European legislation and new engine technologies require better quality fuels. At the same time, a decrease in fossil resources and new, rigid emission standards make necessary for looking after new energy sources. The most significant factor of assessing an automotive fuel is its potential to reduce emissions, increase fuel efficiency and widen the range of base resources to reduce dependency on decreasing oil stocks. As these potentials also depend on engine and vehicle technology and especially on the technology for exhaust gas after-treatment, differentiation between older technologies representing the major part of the current vehicle fleet and modern, state-of-the-art vehicles is practical. Another important point is that fuels provide similarly good drivability behaviour as modern conventional fuels do. Extreme climate conditions like cold and hot temperatures and high altitudes also play an important role. Moreover, fuels should be compatible with typical engines and materials for tank systems. Ethanol could be a very good option based on high vaporization heat, a positive effect on soot formulation, continuous quality and the fact that the production of the first generation is a well known technology. Biodiesel or FAME is a conventional diesel extender having nearly the same heating value as diesel, good viscosity and lubricity. Various experiments were carried out making different ethanol-biodiesel, bioethanol-diesel and biodiesel-diesel blends. Investigations into ethanol-biodiesel-diesel blends are not so common. The conducted tests investigated the effect of biocomponents on emission and engine properties. The performed measurements focused on the analytical testing of combustion and handling relevant parameters of the engine.
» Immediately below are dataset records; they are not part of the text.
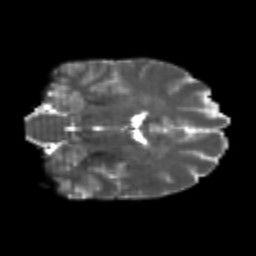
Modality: T2w
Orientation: coronal
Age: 25
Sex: male
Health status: healthy
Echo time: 0.074 s
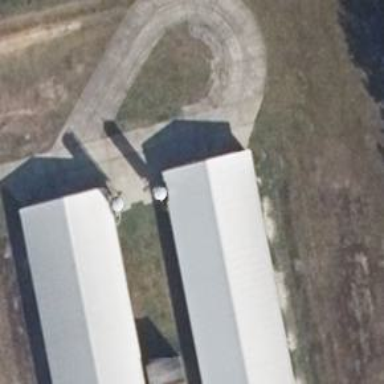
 typically used for storing grain or other materials."
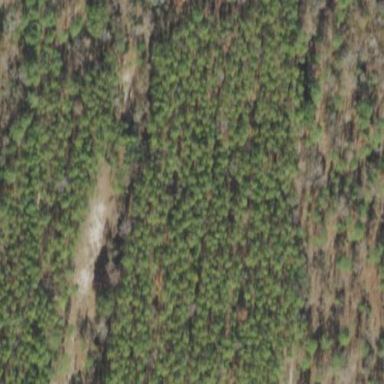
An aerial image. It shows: Forest area predominantly covered with needle-leaved trees.
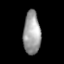
Tissue: lung
Cell type: Epithelial cells
Senescence score: 0.2304
Nuclear area (px): 726
Mean DAPI intensity: 157.667
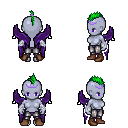
a pixel art fantasy rpg character, female body template, dark elf, purple skin, purple wings, metal pants, green mohawk hairstyle, purple tiara, white cloth bandages, brown shoes, four views (front, back, left, right), 2x2 character sprite sheet, small pixel art, hard edges, no anti-aliasing
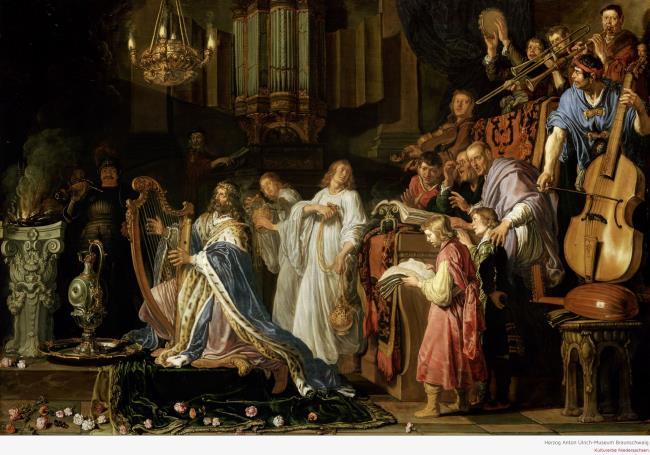
Title: David in the temple
Artist: Pieter Lastman
Earliest date: 1618
Latest date: 1618
Genre: painting
Iconography: censer
Keywords: Old Testament and Apocrypha, harp, making music, censer, lamp, singing, viola da gamba, lute, tambourine, drum, violin, oboe, organ, oil lamp
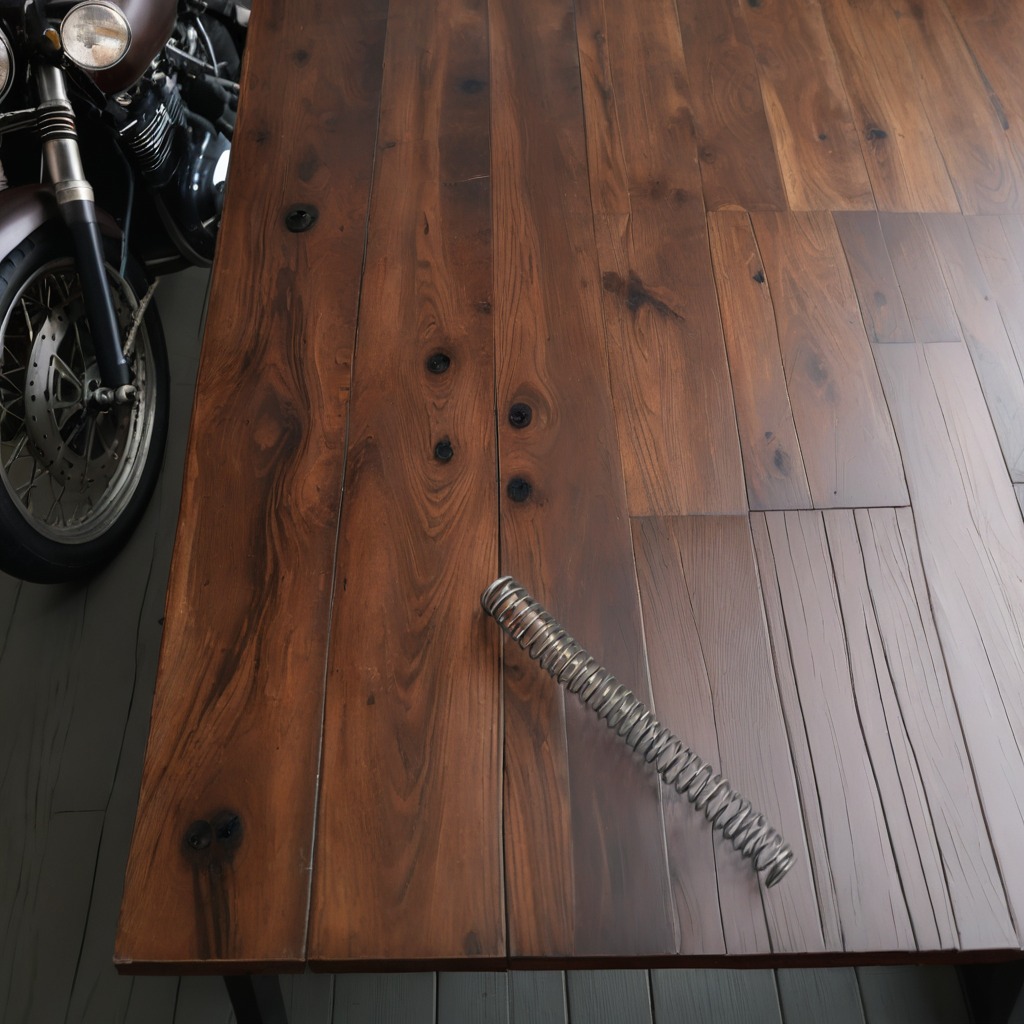
A coiled metal spring is lying on the wooden table.

As a summary of literature overview (Ajav et. al. 1999; Satge de Caro et al. 2001; Aakko et al. 2002; Hancsok 2004; Emod et. al. 2005, 2006; EN ISO 3104:1994; Lengyel, Peidl 2006; Torok 2009), the following tendencies seem to be important for the utilisation of ethanol as a blending component of diesel oil used in the compression ignition engine. The values are presented in Fig. 1.
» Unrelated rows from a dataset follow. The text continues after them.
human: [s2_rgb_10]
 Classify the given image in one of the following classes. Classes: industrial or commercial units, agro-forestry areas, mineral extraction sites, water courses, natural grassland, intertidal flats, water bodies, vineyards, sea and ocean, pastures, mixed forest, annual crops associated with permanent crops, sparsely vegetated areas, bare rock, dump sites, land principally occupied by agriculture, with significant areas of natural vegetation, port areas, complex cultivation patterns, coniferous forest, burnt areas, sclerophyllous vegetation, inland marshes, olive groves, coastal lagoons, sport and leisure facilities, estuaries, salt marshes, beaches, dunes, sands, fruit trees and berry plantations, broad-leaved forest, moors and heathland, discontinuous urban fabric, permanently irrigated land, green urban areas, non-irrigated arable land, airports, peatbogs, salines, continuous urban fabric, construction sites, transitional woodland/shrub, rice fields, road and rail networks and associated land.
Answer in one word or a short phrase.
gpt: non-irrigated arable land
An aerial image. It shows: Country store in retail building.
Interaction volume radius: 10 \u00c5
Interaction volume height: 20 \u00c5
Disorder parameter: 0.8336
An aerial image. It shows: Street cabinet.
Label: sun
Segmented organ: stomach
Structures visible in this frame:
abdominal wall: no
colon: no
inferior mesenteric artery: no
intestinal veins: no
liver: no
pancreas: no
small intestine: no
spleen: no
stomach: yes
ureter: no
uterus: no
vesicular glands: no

Ethanol blending with diesel decreases the cetane number. Approximately 10 v/v% of ethanol in the fuel involves approximately a 30% decrease in the cetane number. An increase in HC emission is unquestionable in literature; however, sources founded very different rates. Some investigators established an increase in some percentage, whereas others measured doubled CH emission or even more. Other emission parameters show tendencies towards reduction and only CO emission was increased in some sources. N[O.sub.x] reduction could reach 50%. The effect of ethanols on particulate emission is very positive: 10% of ethanol decreases this type of emission in between 30/50%. Ethanol decreases the heating value of the blend lower than its blending rate. The viscosity of the blends was lowered by ethanol: 10 v/v% of ethanol caused a decrease in 10/25%.
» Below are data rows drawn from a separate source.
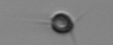
Label: Acanthoica_quattrospina
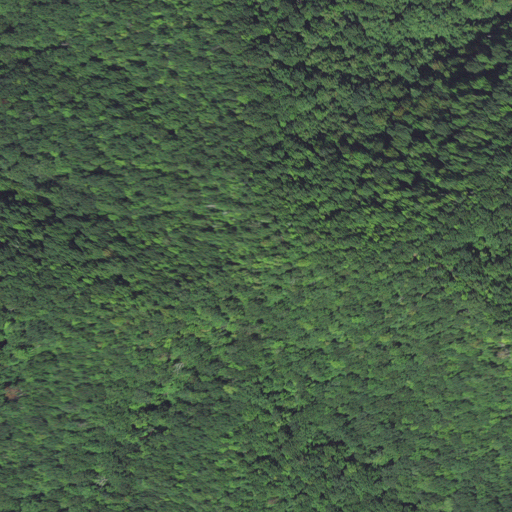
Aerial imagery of mountain in North Carolina named Narrows Knob containing deciduous forest and mixed forest
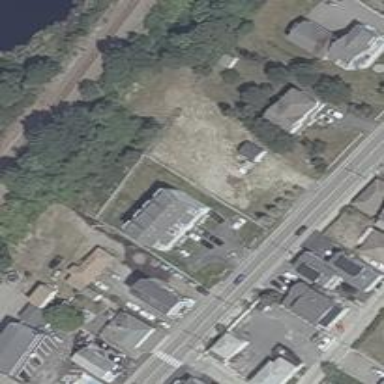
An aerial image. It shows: Detached building.
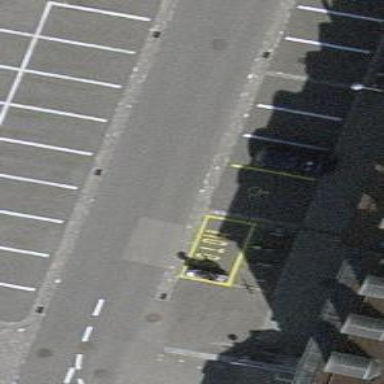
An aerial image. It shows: Motorcycle parking facility.
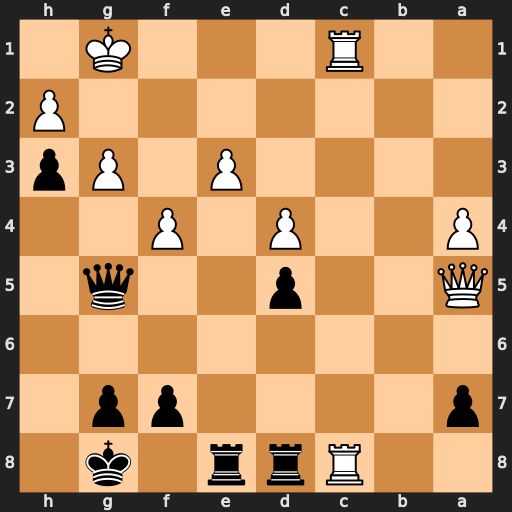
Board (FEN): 2Rrr1k1/p4pp1/8/Q2p2q1/P2P1P2/4P1Pp/7P/2R3K1
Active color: b
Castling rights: -
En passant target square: -
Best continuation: Qe7 R8c3 Qe4
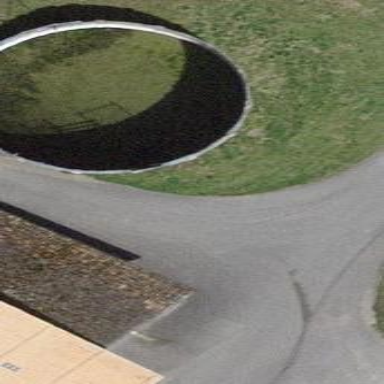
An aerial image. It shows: Silo.
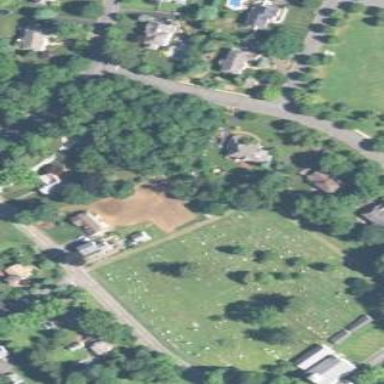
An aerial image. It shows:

2. Biodiesel-Diesel Blends

Based on literature (Pachter, Hohl 1991; Emod, Finichiu 1995; Farkas 2004; Janosi, Foldi 2004; Barabas et al. 2005; Hofmann et al. 2006; Yamane, Kawasaki 2007; Raslavicius, Bazaras 2009), the following tendencies could be summarised as the main utilisation characteristics of biodiesel-diesel blends. An increasing blending rate of biodiesel increases the cetane number of the blend, which has a positive effect on HC and C[O.sub.2] emission. Other emissions are judged differently by resources. CO seems to be decreasing and N[O.sub.x] was nearly the same as for diesel. Most of literature diagnosed that particulate emission was increased if the proportion of biodiesel would be increased in the blend. The power of the engine and the energy content of the blends was 1-2% lower than that with normal diesel. The utilisation of biodiesel increases blend viscosity. The detailed results are displayed in Fig. 2.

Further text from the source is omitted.